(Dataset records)
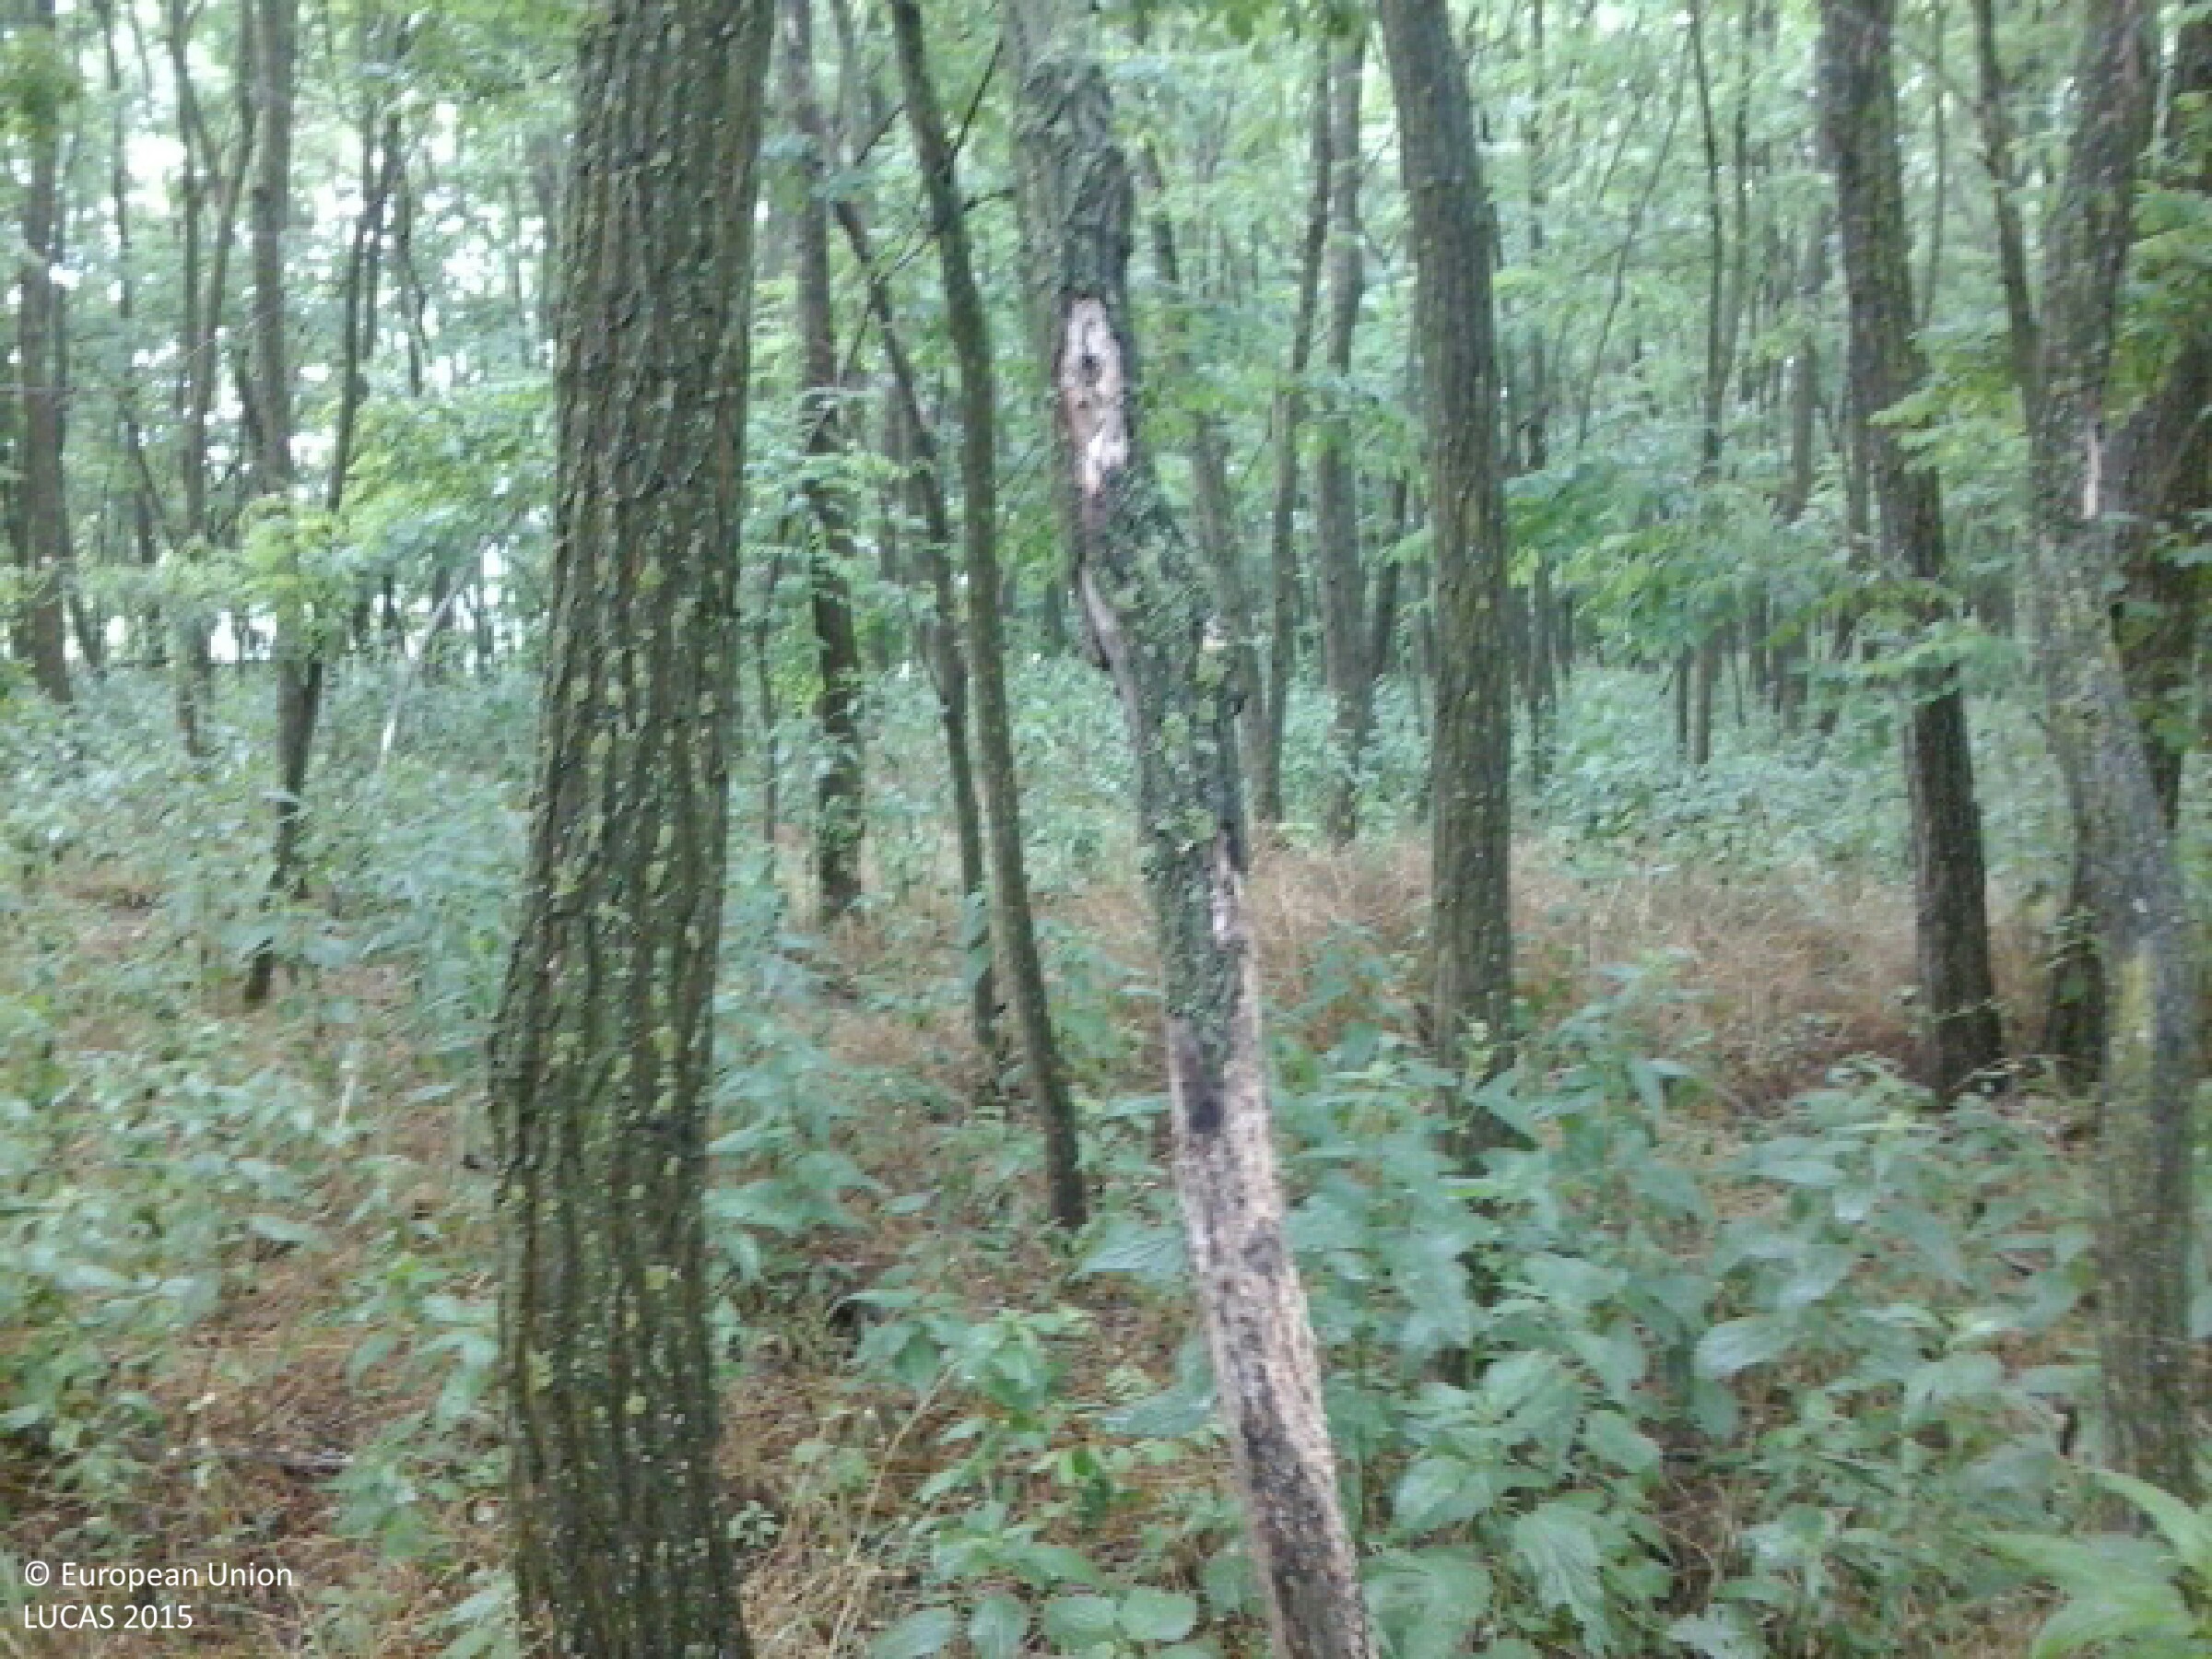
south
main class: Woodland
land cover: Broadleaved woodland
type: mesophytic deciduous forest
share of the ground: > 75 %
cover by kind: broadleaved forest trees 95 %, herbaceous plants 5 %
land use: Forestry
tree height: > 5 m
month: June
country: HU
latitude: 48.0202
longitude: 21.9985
==
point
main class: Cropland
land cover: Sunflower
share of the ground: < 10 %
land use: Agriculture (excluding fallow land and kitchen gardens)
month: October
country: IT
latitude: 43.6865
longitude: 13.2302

- [Problem to solve]: A word-for-word copy of the lines above from the one with "share of the ground: < 10 %" through the one with "longitude: 13.2302", inclusive, is the only output wanted.

- [Task output]:
share of the ground: < 10 %
land use: Agriculture (excluding fallow land and kitchen gardens)
month: October
country: IT
latitude: 43.6865
longitude: 13.2302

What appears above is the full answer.